MK: Right. So, those are great, great examples, but I also want to make sure we’re realistic. And could you speak a bit about how often LAPIP is successful? I mean, is that a standard result, or are there times that sometimes it doesn’t save the implant as intended?

AH: Well, you know, that’s interesting, because I’ve been kind of looking at some cases that I didn’t get exactly the results I wanted, or we had to take the implant out. I think LAPIP works in the majority of cases. I think it’s a great first-line treatment because it’s non-traumatic, it gets rid of the infection very quickly, and then allows you to reevaluate the case over time to see if the retreatment is necessary, or maybe the implant has to come out. I’ve had a couple cases that the, you know, we did LAPIP once, we let it heal, we did our maintenance on our patients, and we just didn’t get the result we wanted. So we tried again. That’s nice thing about LAPIP, and LANAP actually, is because we’re not removing tissue, we’re not losing tissue. We could retreat these patients again and see what we can get.
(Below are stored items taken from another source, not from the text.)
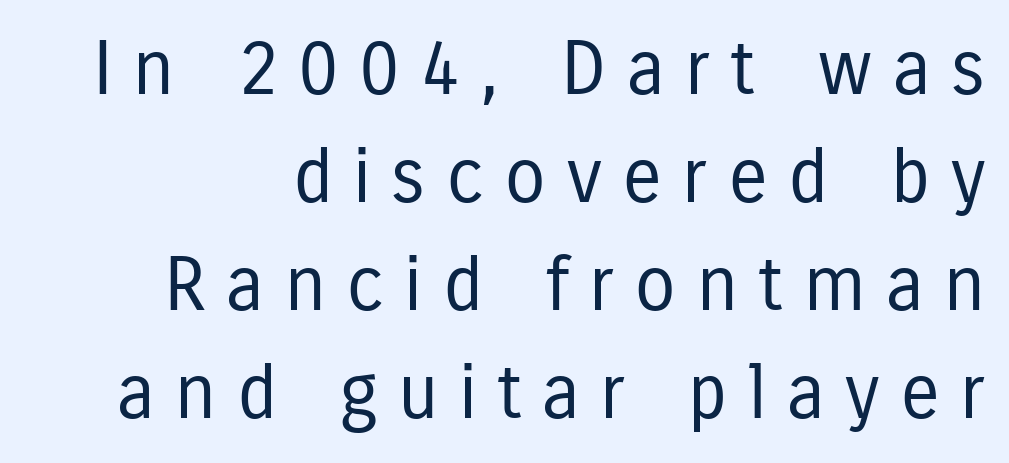
The image shows 75 px regular-weight, condensed sans-serif type, upright; set right-aligned, normal line spacing (1.44x), unusually wide letter spacing (+0.27 em), not underlined; low stroke contrast and a medium x-height.
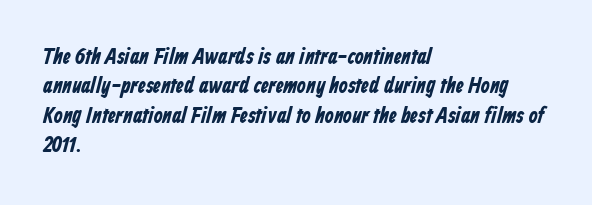
Q: Is the text bold? A: Yes.
Q: Is the text underlined? A: No.
Q: How is the paragraph aligned? A: Left-aligned.
Q: Is the spacing between letters normal or unusually wide? A: Normal.
Q: Is the spacing between lines tight, normal or loose? A: Normal.
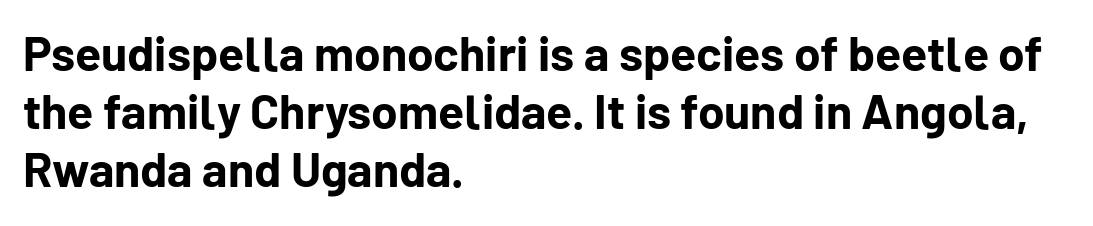
The image shows 48 px bold sans-serif type, upright; set left-aligned, line spacing 1.21x, normal letter spacing, not underlined; low stroke contrast and a medium x-height.
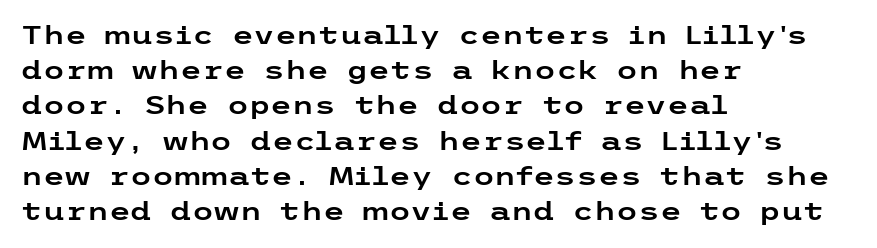
The image shows 25 px text type, upright; set left-aligned, normal line spacing (1.41x), normal letter spacing, not underlined.
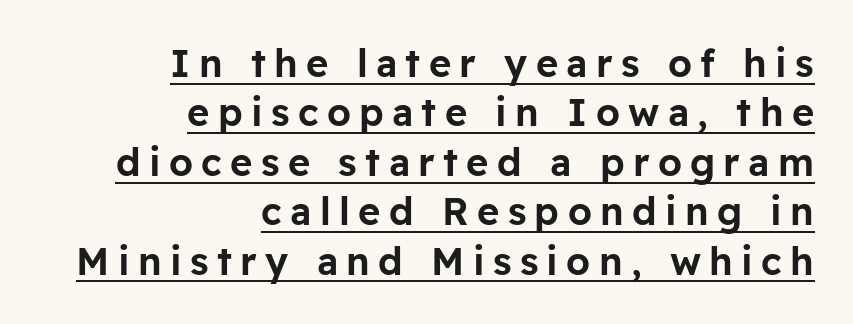
{"serif": "no", "italic": "no", "width": "normal", "stroke_contrast": "low", "x_height": "medium", "monospaced": "no", "underline": "yes", "align": "right", "line_spacing": "normal", "line_spacing_ratio": 1.3, "letter_spacing": "wide", "letter_spacing_em": 0.22, "glyph_px": 38}
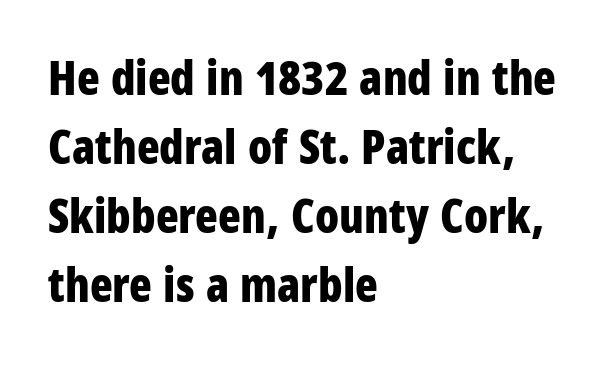
Q: Is the text bold? A: Yes.
Q: Is the text italic (slanted)? A: No, it is upright.
Q: Is the typeface a serif or a sans-serif typeface? A: Sans-serif.
Q: Is the text underlined? A: No.
Q: How is the paragraph aligned? A: Left-aligned.
Q: Is the spacing between letters normal or unusually wide? A: Normal.
Q: Is the spacing between lines tight, normal or loose? A: Normal.
Q: Width (condensed, normal, or wide)? A: Condensed.
Q: Stroke contrast? A: Low.
Q: x-height? A: Large.
Q: Monospaced? A: No.

And one case comes to mind where the patient had severe bone loss around the implant. Ideally, probably, if the patient would have seen nine other periodontists or oral surgeons, they probably would have recommend to take the implant out. I gave it a chance because we have the LAPIP procedure in our armamentarium. Over the course of a year or year and 1/2, it just never resolved and the infection kept coming back, so we ended up taking the implant out. But it was hopeless, I think was a hopeless case to begin with. I think LAPIP itself was the Hail Mary Pass. Now what’s interesting is, I just saw a case this past week where we did LAPIP. It seemed to resolve a bit, then I saw her again for her last maintenance, and the infection came back again. I told the patient, “Well, you know, we’re gonna have to take the implant out or we can try the laser, the LAPIP procedure again.” We opted to try it again to see what would happen, because we have nothing to lose and everything to gain.

What was interesting was, the common thing between the two cases were: one, they were both lower posterior implants, but the other thing was, they didn’t have a large amount, they didn’t have really any, attached gingiva around them. I’m starting to come up with, I guess, my own little hypothesis that the amount of attached gingiva that is present or thick tissues that is present around the implants is very important to the success of really any peri-implantitis treatment, whether it’s LAPIP or traditional surgery. So I have a feeling that the more cases I see, I’m gonna be looking more for the attached gingiva, for the thicker tissue around the implant on dealing with how successful the case is gonna be. Now, mind you, in both cases the amount of bone loss was severe, like I said, LAPIP was the Hail Mary here to see if we can save the implant, and, we’ll go from there and see what’s going on. So does it work 100% of time? Well, nothing works 100% time except extraction of teeth or implants, but I think the LAPIP protocol itself is a great way to at least give the implants a chance in cases where you say, “I don’t know what’s gonna happen. Let’s see what happens in this case,” where you would normally try to take the implant out. If the implant is loose, though – kind of like flapping in the breeze loose, it’s time to take the implant out, I think. I think it’s a much more predictable procedure. Then graft the case and then go from there.

MK: Very good. Well, that’s a fair statement, I suppose. Dr. Honigman, thanks for your time this morning. I know you’re teaching some LANAP clinicians today, so I’ll let you get going to do that. And again, thanks for thanks for being here.

AH: Always a pleasure, Marty. Thanks a lot.